Ha muerto Luis Ángel Martínez Diez, el contador de historias, el don Juan irredento de la localidad, el personaje de sus fábulas, el personaje de Durango, mi hermano y amigo generoso que desde hace algunos años comenzaba a perder la brújula de la memoria. Lo recuerdo con enorme cariño cantando junto a la madre de su hijo Marcelo, Doris, con quien se fue a buscar fortuna y fama a las Españas, lo evoco como un niño travieso con la sonrisa ingenua de Modesta, porque Churumbel significa niño en jerga gitana y Luis Angel era eso, un Churumbel que hacía ruido de cascabeles donde quiera que se hallaba. Hace un par de años Marcelo me llevó a verlo porque había dejado de llamarme por teléfono para contarme sus ideas y sus historias. Nos abrazamos, nos sentamos y le pregunté, “¿qué nuevas historias tienes para contarme?”. Se me quedó mirando con tristeza, como un Churumbel extraviado, y me contestó: “Hermanito, se acabaron las historias”. No nos dijimos más, nos despedimos en un abrazo adolorido.
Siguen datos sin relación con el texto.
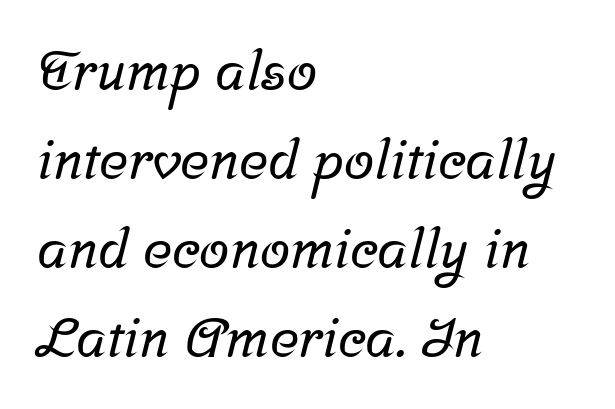
Teacher's note: observe the even left margin — that is flush-left alignment. Short note: letters normally spaced. Proportional: the letters do not fall into vertical columns. Descenders are the only things crossing below the line.
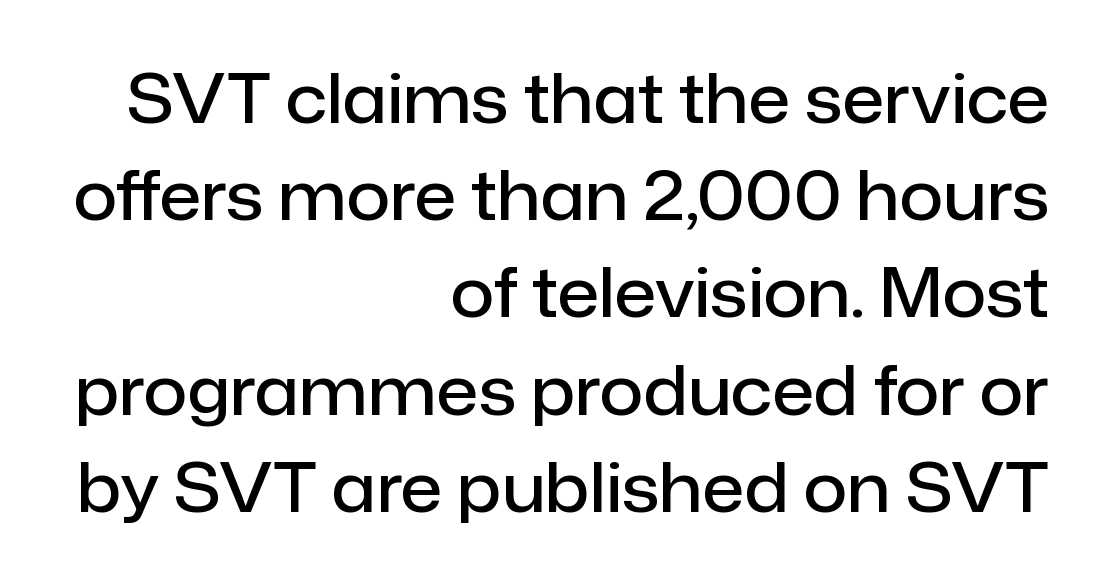
{"serif": "no", "italic": "no", "bold": "semi", "weight": "semibold", "width": "normal", "stroke_contrast": "low", "x_height": "medium", "monospaced": "no", "underline": "no", "align": "right", "line_spacing": "normal", "line_spacing_ratio": 1.43, "letter_spacing": "normal", "letter_spacing_em": 0.0, "glyph_px": 68}

Me entero por conocidos que me envían imágenes del incendio de su casa: “el Churumbel ha muerto calcinado”. Pero él había soltado amarras ya en esa región Ausente, vivía a ratos la realidad y el mayor tiempo en el olvido. En mi, por el contrario, comienzan a desfilar imágenes de ese personaje que despierta en un bello amanecer de nuestro Durango, no en el de todos, en el nuestro, en el de nuestra película. Luis Ángel tiene muchas historias por contar y yo me sé una que él solía cantar acompañándose con el ritmo de sus palmas, invocando la voz y la guitarra de Lole y Manuel: Un cuento para mi niño.
¡Niño!
Erase una vez
Una mariposa blanca
Que era la reina de todas las
Mariposas del alba
Se posaba en los jardines
Sobre las flores más bellas
Y le susurraba historias
Al clavel y la violeta
Feliz la mariposilla
Presumidilla y coqueta
Parecía una flor de almendro
Mecida por brisas frescas
Más llego un coleccionista
Una mañana de primavera
Y sobre un jazmin en flor
Aprisionó a nuestra reina
La clavó con alfileres
Sobre cartulinas negras
Y la llevó a su museo
De breves bellezas muertas
Las mariposas del alba
Lloraban por la floresta
Sobre un clavel se posó
Una mariposa blanca
Y el clavel se molestó
Blanca la mariposa y rojo el clavel
Rojo como los labios de quien yo sé
Rojo como los labios de quien yo sé
Buen viaje, querido amigo, ya estás con el Gitano del panteón de Oriente, con la alegre modesta, con tu soñadora hermana. Nos vemos pronto en la región ausente.